Entries taken from a collection
■ ■ ■ ■ ■ ■ ■

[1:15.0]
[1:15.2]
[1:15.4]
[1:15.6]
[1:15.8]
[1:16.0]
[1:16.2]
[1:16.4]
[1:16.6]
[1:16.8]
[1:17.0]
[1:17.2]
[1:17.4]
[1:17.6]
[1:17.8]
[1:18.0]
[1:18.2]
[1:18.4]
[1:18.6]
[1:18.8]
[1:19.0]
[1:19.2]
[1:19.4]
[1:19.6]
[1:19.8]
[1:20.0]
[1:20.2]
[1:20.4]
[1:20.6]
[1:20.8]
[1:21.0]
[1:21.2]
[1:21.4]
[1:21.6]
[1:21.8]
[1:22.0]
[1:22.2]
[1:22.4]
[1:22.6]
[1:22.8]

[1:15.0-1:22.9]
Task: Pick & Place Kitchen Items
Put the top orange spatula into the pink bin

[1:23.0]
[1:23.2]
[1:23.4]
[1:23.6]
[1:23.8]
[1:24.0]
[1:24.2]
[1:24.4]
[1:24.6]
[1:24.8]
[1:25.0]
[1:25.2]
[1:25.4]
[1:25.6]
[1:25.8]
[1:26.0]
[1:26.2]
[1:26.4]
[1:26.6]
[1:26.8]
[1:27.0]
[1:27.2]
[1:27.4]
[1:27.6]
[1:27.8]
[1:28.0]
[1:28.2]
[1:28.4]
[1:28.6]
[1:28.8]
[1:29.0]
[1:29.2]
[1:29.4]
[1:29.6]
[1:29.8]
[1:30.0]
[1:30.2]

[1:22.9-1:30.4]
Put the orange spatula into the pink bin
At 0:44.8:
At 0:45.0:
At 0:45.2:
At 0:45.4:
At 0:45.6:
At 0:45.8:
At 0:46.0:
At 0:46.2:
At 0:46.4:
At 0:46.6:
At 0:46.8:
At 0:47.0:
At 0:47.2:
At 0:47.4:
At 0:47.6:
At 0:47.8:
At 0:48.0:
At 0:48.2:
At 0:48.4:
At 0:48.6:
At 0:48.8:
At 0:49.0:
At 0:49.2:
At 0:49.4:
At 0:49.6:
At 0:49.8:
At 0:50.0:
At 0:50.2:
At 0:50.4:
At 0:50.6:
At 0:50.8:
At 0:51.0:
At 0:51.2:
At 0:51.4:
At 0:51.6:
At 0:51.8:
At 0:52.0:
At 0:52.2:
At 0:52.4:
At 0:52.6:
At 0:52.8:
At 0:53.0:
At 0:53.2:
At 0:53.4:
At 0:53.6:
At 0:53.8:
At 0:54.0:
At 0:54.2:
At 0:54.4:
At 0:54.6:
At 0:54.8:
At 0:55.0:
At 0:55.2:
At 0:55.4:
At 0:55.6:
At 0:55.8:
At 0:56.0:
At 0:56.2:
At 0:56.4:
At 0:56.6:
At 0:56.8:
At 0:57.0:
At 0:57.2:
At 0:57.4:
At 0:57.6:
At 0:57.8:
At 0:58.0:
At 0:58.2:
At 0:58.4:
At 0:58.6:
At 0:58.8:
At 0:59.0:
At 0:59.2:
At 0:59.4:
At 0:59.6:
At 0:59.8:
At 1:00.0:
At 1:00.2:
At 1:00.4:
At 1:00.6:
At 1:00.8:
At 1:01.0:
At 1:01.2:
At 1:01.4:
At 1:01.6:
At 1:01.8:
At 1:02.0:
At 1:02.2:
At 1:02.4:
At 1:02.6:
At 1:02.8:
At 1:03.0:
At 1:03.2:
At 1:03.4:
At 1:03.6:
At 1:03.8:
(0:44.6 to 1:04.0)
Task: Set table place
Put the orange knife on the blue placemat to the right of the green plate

■ ■ ■ ■ ■ ■ ■

- **Task to complete**:
Every entry above must appear again in the reply, exactly as it stands.

- **Exercise output**:
[1:15.0]
[1:15.2]
[1:15.4]
[1:15.6]
[1:15.8]
[1:16.0]
[1:16.2]
[1:16.4]
[1:16.6]
[1:16.8]
[1:17.0]
[1:17.2]
[1:17.4]
[1:17.6]
[1:17.8]
[1:18.0]
[1:18.2]
[1:18.4]
[1:18.6]
[1:18.8]
[1:19.0]
[1:19.2]
[1:19.4]
[1:19.6]
[1:19.8]
[1:20.0]
[1:20.2]
[1:20.4]
[1:20.6]
[1:20.8]
[1:21.0]
[1:21.2]
[1:21.4]
[1:21.6]
[1:21.8]
[1:22.0]
[1:22.2]
[1:22.4]
[1:22.6]
[1:22.8]

[1:15.0-1:22.9]
Task: Pick & Place Kitchen Items
Put the top orange spatula into the pink bin

[1:23.0]
[1:23.2]
[1:23.4]
[1:23.6]
[1:23.8]
[1:24.0]
[1:24.2]
[1:24.4]
[1:24.6]
[1:24.8]
[1:25.0]
[1:25.2]
[1:25.4]
[1:25.6]
[1:25.8]
[1:26.0]
[1:26.2]
[1:26.4]
[1:26.6]
[1:26.8]
[1:27.0]
[1:27.2]
[1:27.4]
[1:27.6]
[1:27.8]
[1:28.0]
[1:28.2]
[1:28.4]
[1:28.6]
[1:28.8]
[1:29.0]
[1:29.2]
[1:29.4]
[1:29.6]
[1:29.8]
[1:30.0]
[1:30.2]

[1:22.9-1:30.4]
Put the orange spatula into the pink bin
At 0:44.8:
At 0:45.0:
At 0:45.2:
At 0:45.4:
At 0:45.6:
At 0:45.8:
At 0:46.0:
At 0:46.2:
At 0:46.4:
At 0:46.6:
At 0:46.8:
At 0:47.0:
At 0:47.2:
At 0:47.4:
At 0:47.6:
At 0:47.8:
At 0:48.0:
At 0:48.2:
At 0:48.4:
At 0:48.6:
At 0:48.8:
At 0:49.0:
At 0:49.2:
At 0:49.4:
At 0:49.6:
At 0:49.8:
At 0:50.0:
At 0:50.2:
At 0:50.4:
At 0:50.6:
At 0:50.8:
At 0:51.0:
At 0:51.2:
At 0:51.4:
At 0:51.6:
At 0:51.8:
At 0:52.0:
At 0:52.2:
At 0:52.4:
At 0:52.6:
At 0:52.8:
At 0:53.0:
At 0:53.2:
At 0:53.4:
At 0:53.6:
At 0:53.8:
At 0:54.0:
At 0:54.2:
At 0:54.4:
At 0:54.6:
At 0:54.8:
At 0:55.0:
At 0:55.2:
At 0:55.4:
At 0:55.6:
At 0:55.8:
At 0:56.0:
At 0:56.2:
At 0:56.4:
At 0:56.6:
At 0:56.8:
At 0:57.0:
At 0:57.2:
At 0:57.4:
At 0:57.6:
At 0:57.8:
At 0:58.0:
At 0:58.2:
At 0:58.4:
At 0:58.6:
At 0:58.8:
At 0:59.0:
At 0:59.2:
At 0:59.4:
At 0:59.6:
At 0:59.8:
At 1:00.0:
At 1:00.2:
At 1:00.4:
At 1:00.6:
At 1:00.8:
At 1:01.0:
At 1:01.2:
At 1:01.4:
At 1:01.6:
At 1:01.8:
At 1:02.0:
At 1:02.2:
At 1:02.4:
At 1:02.6:
At 1:02.8:
At 1:03.0:
At 1:03.2:
At 1:03.4:
At 1:03.6:
At 1:03.8:
(0:44.6 to 1:04.0)
Task: Set table place
Put the orange knife on the blue placemat to the right of the green plate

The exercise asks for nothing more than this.